Even for extremely healthy people, coping with excessive heat is fraught with difficulties. But for the young and the elderly, there are even more risks involved.
Each demographic is more susceptible for different reasons. In the case of the very young, their bodies are not fully developed enough to adapt easily to severe changes in temperatures. For the elderly, it is their fragility that leads to the same issue.
While we are coming to the end of yet another Australian summer, it doesn’t mean the risk of excessive temperatures has abated until next Christmas.
For anyone who lives in Australia, we all know how quickly the weather can turn—and a scorcher can come out of nowhere.
With that in mind, prevention is better than cure—as they say. For all of us there are obvious precautions to follow, such as staying hydrated and covering up, but what are the more specific steps you can take to care for both the very young and the elderly when the thermometer starts to rise?
- Stay informed: keep up-to-date with the weather reports and forecasts. If it’s scheduled to go above 30 degrees, then staying inside with the air conditioning on may be the best option. Knowledge is power.
- Talk to a doctor: It’s advisable to see if any medication is likely to increase the chances of heat stress. The doctor may be able to change or reduce doses during hotter periods of the year.
- Make plenty of people aware: The more members of your family who are aware of the risks of an elderly relative, the better. Having a readily-available copy of patient information is vital—especially for doctor information in case of an emergency. Like many people checking regularly on an elderly relative is also fantastic—making sure he or she is doing well and accommodation is adequately cool and ventilated.
- It’s great for the elderly to maintain a usual routine, but they simply need to be savvy about the extra dangers. Dressing appropriately, protecting the eyes, and not staying out too long are all important factors to remember.
The Very Young
- Babies are obviously the most at-risk in hot weather. They quickly overheat when temperatures rise, so plenty of fluids are imperative, as is letting your baby sleep in the coolest part of the house, and the biggest no-no of all: never leave your baby in a hot car.
- Lots of airflow throughout a house or room is vital.
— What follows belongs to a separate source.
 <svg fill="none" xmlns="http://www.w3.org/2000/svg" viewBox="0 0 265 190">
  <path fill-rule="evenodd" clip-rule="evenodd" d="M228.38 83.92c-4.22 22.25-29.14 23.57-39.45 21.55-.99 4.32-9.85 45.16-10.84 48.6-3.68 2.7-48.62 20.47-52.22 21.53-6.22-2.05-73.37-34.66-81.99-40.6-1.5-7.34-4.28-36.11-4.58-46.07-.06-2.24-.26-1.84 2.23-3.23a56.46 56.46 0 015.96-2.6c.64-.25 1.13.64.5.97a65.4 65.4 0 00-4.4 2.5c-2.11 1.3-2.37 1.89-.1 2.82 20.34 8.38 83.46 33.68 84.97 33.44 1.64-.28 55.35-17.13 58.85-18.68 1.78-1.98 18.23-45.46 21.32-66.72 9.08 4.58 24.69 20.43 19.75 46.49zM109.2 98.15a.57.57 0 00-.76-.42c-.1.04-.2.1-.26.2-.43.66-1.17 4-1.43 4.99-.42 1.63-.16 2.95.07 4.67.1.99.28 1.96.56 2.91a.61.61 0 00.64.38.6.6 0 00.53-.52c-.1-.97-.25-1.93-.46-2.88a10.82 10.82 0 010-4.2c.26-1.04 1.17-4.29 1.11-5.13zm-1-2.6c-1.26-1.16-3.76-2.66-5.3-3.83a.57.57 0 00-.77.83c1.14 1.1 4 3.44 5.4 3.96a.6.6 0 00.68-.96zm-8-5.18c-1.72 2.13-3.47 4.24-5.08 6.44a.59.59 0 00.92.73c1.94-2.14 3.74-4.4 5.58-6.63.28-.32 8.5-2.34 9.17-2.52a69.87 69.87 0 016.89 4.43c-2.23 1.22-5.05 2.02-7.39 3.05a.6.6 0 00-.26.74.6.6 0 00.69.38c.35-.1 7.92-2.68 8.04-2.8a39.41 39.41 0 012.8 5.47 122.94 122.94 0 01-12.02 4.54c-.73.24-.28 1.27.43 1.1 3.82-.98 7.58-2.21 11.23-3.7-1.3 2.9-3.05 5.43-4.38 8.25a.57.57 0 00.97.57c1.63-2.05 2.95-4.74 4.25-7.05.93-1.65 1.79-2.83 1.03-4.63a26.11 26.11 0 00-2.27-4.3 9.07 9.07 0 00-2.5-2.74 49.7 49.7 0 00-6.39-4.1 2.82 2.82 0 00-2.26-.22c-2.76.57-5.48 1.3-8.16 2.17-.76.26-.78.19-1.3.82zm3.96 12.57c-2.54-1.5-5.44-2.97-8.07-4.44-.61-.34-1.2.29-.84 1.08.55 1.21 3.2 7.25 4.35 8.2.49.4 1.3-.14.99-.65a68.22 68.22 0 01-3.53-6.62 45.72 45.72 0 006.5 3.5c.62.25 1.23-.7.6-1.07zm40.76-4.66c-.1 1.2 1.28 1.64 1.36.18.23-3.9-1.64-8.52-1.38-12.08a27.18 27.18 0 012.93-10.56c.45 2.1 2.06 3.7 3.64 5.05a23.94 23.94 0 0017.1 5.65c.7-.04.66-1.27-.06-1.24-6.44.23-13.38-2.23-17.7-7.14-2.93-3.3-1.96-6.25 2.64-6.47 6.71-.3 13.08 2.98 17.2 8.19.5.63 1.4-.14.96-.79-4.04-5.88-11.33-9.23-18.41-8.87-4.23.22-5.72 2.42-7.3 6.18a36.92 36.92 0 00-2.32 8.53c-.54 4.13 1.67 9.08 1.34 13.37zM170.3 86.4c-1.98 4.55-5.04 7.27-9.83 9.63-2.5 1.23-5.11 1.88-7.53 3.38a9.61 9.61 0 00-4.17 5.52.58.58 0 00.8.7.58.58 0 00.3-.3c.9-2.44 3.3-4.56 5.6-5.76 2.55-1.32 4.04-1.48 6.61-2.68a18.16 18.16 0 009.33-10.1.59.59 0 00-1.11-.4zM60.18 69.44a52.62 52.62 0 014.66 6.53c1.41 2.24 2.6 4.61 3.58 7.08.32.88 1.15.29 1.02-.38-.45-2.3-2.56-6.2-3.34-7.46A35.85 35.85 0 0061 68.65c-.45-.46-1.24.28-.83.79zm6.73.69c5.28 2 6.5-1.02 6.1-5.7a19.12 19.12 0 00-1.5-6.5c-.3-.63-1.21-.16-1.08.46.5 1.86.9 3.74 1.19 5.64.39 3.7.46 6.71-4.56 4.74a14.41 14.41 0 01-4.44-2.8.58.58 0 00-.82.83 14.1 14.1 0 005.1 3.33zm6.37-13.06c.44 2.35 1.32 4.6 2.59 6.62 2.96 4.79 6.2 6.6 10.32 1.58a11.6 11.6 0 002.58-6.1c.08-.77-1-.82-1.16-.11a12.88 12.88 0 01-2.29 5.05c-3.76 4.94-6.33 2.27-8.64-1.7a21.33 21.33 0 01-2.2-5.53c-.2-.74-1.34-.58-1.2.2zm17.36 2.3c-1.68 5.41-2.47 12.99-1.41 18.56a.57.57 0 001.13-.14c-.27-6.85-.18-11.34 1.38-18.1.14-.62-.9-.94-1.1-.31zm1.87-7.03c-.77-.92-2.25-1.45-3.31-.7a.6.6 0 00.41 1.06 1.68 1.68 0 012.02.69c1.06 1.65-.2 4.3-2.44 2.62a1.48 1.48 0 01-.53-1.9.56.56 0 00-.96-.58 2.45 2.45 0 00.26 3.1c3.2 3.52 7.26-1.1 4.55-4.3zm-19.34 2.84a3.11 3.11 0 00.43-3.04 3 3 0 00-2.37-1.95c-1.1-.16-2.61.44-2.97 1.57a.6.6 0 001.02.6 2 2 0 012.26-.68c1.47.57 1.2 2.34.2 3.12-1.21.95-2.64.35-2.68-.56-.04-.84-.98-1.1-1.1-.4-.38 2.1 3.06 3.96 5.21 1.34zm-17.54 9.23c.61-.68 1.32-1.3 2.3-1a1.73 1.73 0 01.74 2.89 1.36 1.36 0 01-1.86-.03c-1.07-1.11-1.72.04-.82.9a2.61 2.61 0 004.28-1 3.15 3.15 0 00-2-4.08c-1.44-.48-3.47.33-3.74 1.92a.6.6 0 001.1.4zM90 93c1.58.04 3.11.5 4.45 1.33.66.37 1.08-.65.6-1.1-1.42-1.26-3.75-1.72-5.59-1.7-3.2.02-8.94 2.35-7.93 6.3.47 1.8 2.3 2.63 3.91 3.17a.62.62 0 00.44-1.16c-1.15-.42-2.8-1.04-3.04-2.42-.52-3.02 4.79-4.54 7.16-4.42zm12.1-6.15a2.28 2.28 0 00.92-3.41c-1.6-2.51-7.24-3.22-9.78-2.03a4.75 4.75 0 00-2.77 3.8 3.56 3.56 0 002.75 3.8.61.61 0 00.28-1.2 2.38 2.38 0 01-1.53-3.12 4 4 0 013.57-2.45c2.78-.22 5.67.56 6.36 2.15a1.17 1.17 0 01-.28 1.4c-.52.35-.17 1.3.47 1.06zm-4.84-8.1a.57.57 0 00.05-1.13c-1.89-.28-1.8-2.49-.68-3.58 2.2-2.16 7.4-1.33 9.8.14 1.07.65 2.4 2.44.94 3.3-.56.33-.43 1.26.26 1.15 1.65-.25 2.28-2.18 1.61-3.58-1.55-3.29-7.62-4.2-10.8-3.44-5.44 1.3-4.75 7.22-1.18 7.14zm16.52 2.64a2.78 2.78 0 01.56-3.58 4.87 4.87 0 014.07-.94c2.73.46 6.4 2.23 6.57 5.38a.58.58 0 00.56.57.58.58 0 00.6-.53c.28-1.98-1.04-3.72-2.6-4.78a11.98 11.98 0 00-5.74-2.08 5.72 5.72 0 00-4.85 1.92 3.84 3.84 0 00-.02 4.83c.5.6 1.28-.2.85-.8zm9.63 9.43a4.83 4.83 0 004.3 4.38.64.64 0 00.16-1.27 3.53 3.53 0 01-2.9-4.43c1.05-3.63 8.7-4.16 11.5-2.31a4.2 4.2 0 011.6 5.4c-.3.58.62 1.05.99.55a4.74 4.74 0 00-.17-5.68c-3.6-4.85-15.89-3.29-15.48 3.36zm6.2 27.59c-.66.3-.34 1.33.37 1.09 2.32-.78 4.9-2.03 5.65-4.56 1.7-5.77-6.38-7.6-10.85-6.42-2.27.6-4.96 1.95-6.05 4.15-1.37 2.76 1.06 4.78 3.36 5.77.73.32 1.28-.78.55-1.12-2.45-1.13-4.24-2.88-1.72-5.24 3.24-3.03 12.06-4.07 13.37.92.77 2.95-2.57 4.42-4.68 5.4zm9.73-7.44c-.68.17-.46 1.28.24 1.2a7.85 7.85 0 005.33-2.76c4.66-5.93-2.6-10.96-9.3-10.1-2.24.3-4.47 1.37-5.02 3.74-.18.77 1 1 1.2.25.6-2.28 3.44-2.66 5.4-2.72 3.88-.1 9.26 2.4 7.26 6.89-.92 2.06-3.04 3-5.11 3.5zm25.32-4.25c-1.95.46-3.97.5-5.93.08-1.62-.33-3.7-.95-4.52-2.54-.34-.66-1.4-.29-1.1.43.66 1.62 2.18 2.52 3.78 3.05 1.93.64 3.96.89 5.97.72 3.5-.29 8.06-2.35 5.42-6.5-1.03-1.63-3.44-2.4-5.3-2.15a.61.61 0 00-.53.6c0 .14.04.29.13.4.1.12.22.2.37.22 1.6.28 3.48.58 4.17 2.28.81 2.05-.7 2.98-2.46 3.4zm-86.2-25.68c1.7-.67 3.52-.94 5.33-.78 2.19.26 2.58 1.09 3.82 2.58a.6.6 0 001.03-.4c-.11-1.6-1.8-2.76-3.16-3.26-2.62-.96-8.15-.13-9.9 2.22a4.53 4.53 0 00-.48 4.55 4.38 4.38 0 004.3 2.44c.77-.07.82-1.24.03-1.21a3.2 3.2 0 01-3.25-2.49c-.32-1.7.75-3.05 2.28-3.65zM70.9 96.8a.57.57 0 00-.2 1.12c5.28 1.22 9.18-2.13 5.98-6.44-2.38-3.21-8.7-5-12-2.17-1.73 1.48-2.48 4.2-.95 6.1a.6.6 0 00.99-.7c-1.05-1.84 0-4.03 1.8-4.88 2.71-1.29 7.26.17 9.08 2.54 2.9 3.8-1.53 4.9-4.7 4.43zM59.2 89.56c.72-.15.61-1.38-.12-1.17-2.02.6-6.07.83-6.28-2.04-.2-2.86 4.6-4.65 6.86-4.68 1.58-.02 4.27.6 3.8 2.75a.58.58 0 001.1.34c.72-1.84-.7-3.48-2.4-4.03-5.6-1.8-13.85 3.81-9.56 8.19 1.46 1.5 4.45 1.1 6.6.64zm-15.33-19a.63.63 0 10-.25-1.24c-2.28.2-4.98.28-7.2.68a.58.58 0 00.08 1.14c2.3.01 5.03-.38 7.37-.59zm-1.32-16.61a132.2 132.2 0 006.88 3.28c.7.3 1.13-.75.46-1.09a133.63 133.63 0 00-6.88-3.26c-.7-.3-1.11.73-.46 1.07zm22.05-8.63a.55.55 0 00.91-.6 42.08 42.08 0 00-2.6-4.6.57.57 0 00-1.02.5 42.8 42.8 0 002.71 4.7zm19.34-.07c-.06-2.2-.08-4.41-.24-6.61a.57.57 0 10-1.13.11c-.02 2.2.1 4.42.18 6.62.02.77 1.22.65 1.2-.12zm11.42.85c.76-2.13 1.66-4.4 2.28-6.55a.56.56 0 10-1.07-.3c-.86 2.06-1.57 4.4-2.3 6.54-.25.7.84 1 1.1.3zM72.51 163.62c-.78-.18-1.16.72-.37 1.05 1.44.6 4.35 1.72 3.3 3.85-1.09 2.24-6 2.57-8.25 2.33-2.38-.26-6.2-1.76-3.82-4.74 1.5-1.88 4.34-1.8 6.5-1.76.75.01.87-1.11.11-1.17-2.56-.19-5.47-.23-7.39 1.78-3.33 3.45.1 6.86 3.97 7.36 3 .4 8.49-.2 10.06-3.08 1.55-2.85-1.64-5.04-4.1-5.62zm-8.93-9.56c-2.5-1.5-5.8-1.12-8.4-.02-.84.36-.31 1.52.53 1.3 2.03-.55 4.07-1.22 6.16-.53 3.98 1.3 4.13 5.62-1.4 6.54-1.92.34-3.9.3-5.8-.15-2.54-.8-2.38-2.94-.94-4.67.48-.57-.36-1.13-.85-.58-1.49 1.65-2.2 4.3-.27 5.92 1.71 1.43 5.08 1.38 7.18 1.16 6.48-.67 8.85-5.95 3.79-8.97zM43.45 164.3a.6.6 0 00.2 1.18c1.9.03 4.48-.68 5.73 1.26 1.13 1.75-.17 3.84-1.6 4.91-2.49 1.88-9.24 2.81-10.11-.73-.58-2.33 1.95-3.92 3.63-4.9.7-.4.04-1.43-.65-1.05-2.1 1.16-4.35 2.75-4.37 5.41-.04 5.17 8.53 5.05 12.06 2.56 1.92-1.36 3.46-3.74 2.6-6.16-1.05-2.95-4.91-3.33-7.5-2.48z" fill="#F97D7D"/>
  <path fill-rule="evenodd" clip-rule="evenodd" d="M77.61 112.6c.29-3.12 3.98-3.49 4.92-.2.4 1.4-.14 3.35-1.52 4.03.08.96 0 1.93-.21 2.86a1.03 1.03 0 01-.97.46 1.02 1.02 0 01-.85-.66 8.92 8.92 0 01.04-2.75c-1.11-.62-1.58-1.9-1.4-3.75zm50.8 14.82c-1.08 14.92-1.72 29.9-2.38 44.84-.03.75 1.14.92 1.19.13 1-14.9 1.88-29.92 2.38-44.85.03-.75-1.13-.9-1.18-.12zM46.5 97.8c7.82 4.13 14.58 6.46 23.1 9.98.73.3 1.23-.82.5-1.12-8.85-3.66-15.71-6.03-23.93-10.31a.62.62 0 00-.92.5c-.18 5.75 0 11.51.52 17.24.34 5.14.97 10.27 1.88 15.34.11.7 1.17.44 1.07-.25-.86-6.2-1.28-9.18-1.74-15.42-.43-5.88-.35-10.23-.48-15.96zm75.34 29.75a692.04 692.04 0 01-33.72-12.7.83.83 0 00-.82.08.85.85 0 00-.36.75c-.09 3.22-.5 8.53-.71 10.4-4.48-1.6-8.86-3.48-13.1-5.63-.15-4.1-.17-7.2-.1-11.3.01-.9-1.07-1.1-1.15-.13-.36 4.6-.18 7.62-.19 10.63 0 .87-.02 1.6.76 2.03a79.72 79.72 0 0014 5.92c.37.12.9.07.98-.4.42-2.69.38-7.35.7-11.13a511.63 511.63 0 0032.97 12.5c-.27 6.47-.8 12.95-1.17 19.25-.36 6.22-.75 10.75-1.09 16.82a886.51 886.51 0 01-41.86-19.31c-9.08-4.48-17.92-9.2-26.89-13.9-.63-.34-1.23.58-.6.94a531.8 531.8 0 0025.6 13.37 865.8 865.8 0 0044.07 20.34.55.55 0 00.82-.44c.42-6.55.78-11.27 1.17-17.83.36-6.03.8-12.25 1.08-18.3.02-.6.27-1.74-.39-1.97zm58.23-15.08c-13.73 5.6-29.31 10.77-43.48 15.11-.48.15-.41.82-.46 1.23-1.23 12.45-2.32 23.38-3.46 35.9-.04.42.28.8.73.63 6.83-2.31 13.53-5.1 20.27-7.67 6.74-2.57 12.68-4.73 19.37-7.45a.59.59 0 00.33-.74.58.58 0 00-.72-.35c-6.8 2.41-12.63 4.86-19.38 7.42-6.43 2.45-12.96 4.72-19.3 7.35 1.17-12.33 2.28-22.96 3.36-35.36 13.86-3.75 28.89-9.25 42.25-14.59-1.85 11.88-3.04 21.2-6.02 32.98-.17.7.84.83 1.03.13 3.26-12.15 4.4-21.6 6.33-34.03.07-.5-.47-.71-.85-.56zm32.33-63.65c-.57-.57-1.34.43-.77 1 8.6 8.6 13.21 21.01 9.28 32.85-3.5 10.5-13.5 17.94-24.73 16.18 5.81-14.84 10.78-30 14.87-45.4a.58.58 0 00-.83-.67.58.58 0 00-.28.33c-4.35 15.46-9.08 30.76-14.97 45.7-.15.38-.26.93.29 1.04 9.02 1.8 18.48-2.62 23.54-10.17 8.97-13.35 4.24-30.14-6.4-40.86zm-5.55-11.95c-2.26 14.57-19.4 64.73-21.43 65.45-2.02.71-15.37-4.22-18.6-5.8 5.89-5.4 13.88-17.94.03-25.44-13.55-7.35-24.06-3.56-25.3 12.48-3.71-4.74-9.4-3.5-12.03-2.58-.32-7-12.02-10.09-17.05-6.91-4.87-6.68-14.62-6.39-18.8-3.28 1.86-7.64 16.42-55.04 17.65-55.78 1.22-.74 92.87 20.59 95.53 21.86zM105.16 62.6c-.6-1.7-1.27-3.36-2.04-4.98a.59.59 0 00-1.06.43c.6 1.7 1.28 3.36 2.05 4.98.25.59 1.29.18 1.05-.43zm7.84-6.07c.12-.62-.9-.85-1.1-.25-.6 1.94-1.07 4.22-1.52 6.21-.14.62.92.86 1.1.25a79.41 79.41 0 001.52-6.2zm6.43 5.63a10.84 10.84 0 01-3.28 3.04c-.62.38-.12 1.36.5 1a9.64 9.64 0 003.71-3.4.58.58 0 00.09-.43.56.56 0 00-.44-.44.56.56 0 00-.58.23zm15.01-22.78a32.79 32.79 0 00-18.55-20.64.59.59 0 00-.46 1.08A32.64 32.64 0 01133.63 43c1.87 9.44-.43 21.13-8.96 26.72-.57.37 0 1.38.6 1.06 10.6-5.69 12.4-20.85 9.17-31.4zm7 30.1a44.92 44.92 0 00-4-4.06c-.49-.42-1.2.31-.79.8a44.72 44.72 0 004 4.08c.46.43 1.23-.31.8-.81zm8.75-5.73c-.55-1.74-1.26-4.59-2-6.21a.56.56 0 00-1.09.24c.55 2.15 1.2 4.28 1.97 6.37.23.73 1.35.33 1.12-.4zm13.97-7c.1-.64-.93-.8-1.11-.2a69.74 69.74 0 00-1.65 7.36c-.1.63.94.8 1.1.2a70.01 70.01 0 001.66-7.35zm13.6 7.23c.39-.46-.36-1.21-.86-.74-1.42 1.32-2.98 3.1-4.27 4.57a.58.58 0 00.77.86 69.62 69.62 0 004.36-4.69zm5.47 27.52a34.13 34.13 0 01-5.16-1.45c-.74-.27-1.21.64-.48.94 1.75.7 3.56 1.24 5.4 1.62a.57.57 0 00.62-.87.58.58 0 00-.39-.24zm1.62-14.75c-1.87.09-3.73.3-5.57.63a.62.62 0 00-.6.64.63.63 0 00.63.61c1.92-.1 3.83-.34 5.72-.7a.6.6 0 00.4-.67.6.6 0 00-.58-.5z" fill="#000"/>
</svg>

A fan is excellent, but not directed straight at the child.
- For young children, it is best to dress them in light, cool clothing that will still protect them from the sun. And of course, any exposed areas need to be covered with sunscreen.
- If your child is already sick in hot weather it is imperative to give them extra care and watch for signs of illnesses escalating or dehydration sets in.
- Have your doctor’s number ready in case of any emergencies.
In situations of extreme heat, it is best to apply common sense. However uncomfortable you may be feeling is only going to be exacerbated for the very young or the elderly. Put yourself in their shoes and everyone can stay comfortable and safe on those hot Aussie days.
Disclaimer: We are not medical professionals – this is general information only. If you think you are experiencing the described conditions, seek medical attention immediately.